*** Given records Section Begins ***

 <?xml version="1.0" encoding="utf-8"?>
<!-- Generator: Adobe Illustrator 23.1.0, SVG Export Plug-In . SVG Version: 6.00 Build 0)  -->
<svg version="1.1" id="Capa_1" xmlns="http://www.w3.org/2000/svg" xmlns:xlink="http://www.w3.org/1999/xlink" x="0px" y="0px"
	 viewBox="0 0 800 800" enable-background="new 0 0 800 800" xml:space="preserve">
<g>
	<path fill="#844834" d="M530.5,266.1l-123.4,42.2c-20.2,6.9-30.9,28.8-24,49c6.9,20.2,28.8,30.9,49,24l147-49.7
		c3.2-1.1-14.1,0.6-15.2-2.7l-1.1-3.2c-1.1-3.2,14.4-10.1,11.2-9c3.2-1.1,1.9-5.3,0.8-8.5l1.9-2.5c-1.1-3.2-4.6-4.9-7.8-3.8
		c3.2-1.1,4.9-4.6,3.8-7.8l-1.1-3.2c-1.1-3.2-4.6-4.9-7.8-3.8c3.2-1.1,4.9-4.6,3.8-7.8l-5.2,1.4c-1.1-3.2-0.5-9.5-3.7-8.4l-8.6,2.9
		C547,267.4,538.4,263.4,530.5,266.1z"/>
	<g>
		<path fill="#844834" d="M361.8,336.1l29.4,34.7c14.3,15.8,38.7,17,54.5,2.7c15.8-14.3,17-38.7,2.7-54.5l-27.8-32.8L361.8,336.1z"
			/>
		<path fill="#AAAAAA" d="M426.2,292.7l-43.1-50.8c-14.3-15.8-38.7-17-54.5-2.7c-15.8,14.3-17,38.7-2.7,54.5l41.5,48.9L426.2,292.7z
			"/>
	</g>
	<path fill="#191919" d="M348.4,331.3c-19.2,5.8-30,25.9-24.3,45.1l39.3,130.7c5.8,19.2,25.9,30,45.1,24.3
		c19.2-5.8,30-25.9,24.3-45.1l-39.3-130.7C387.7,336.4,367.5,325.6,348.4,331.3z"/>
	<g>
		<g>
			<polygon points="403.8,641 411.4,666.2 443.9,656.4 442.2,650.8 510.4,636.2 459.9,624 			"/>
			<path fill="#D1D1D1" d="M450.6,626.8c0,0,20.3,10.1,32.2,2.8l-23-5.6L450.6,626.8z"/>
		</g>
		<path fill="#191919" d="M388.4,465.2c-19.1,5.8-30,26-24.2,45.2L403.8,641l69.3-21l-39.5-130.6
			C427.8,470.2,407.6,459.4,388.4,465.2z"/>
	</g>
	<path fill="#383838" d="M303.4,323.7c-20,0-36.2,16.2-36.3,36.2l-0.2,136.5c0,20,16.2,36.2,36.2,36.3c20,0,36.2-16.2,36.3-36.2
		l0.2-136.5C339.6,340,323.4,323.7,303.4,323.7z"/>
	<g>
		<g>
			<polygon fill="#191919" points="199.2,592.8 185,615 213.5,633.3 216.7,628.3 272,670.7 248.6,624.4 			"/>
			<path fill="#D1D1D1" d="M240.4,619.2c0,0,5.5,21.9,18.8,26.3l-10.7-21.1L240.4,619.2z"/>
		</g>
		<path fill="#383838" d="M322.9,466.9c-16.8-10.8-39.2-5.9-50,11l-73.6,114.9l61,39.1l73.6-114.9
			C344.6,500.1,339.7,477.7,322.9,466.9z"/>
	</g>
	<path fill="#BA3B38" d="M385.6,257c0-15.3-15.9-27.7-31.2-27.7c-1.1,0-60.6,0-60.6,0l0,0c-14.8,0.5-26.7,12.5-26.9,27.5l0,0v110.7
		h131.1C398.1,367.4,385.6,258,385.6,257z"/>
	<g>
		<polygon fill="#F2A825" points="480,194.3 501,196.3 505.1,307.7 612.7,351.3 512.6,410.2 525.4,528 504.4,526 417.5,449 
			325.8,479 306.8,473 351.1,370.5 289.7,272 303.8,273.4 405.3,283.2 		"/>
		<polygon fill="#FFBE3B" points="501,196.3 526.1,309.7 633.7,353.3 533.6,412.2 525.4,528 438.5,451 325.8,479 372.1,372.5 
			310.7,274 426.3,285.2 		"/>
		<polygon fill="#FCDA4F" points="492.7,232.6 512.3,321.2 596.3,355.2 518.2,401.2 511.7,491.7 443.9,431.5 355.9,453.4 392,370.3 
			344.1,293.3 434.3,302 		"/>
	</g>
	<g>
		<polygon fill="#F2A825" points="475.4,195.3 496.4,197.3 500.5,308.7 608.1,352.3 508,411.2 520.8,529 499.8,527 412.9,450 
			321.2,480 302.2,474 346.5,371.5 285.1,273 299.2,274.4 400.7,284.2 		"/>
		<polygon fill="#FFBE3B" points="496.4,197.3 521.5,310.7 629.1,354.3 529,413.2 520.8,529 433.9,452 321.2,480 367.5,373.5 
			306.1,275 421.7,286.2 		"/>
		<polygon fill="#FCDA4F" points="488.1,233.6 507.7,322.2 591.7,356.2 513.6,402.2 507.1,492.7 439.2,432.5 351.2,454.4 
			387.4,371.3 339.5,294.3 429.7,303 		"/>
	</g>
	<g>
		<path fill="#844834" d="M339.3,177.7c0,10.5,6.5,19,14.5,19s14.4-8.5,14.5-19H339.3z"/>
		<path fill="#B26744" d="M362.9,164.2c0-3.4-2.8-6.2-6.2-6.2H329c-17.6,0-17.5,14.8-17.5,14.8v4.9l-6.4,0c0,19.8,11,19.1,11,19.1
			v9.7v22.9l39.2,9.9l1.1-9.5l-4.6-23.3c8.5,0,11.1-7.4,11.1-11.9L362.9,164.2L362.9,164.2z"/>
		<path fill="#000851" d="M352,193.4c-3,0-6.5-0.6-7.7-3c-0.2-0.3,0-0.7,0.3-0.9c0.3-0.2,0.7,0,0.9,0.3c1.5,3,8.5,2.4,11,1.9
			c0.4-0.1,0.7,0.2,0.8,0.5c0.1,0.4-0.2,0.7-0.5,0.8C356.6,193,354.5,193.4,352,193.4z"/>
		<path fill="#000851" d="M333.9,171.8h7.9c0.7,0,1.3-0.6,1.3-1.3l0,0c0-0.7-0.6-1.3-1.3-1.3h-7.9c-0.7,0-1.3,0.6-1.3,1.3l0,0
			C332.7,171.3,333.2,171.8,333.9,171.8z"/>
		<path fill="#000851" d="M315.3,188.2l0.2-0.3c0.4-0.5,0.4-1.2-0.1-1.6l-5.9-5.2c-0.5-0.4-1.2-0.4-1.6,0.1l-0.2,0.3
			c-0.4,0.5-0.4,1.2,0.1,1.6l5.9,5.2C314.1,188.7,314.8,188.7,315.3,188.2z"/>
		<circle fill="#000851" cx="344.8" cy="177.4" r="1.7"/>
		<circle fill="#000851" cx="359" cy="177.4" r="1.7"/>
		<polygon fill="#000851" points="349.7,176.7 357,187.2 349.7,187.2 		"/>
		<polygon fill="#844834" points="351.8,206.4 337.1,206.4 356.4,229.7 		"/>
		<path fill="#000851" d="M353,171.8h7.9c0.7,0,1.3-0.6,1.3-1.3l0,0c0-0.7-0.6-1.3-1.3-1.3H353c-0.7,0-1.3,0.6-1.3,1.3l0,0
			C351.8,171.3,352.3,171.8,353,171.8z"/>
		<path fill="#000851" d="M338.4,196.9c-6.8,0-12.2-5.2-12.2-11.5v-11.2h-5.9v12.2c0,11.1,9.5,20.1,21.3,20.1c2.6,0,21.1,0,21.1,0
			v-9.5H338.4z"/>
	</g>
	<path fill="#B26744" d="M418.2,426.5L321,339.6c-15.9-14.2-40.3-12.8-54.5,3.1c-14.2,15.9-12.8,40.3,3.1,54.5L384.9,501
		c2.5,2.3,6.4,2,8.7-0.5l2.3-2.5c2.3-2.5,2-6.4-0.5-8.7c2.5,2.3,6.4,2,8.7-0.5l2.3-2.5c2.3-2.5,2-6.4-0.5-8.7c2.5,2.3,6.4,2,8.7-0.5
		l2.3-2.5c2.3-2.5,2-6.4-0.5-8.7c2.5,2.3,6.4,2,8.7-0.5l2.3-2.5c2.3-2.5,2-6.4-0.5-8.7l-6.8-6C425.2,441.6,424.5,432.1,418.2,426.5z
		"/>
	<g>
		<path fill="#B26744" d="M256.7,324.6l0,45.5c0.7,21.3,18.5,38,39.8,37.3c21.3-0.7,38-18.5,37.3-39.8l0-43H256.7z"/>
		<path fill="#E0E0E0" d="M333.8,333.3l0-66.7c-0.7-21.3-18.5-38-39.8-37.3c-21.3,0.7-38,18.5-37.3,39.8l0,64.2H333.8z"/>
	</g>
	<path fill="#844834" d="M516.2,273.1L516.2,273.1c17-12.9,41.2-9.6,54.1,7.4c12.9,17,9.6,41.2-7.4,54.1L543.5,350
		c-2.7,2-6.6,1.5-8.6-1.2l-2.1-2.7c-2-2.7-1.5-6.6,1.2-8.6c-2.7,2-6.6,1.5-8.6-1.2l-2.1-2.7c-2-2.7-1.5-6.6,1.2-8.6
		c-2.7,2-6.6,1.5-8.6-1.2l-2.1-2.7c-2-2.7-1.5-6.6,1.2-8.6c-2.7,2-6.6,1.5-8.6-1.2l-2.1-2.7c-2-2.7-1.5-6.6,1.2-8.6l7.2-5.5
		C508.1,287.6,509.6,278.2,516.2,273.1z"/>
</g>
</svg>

*** Given records Section Ends ***

From the records given above, copy all lines containing "points".

● Result of the task:
			<polygon points="403.8,641 411.4,666.2 443.9,656.4 442.2,650.8 510.4,636.2 459.9,624 			"/>
			<polygon fill="#191919" points="199.2,592.8 185,615 213.5,633.3 216.7,628.3 272,670.7 248.6,624.4 			"/>
		<polygon fill="#F2A825" points="480,194.3 501,196.3 505.1,307.7 612.7,351.3 512.6,410.2 525.4,528 504.4,526 417.5,449 
		<polygon fill="#FFBE3B" points="501,196.3 526.1,309.7 633.7,353.3 533.6,412.2 525.4,528 438.5,451 325.8,479 372.1,372.5 
		<polygon fill="#FCDA4F" points="492.7,232.6 512.3,321.2 596.3,355.2 518.2,401.2 511.7,491.7 443.9,431.5 355.9,453.4 392,370.3 
		<polygon fill="#F2A825" points="475.4,195.3 496.4,197.3 500.5,308.7 608.1,352.3 508,411.2 520.8,529 499.8,527 412.9,450 
		<polygon fill="#FFBE3B" points="496.4,197.3 521.5,310.7 629.1,354.3 529,413.2 520.8,529 433.9,452 321.2,480 367.5,373.5 
		<polygon fill="#FCDA4F" points="488.1,233.6 507.7,322.2 591.7,356.2 513.6,402.2 507.1,492.7 439.2,432.5 351.2,454.4 
		<polygon fill="#000851" points="349.7,176.7 357,187.2 349.7,187.2 		"/>
		<polygon fill="#844834" points="351.8,206.4 337.1,206.4 356.4,229.7 		"/>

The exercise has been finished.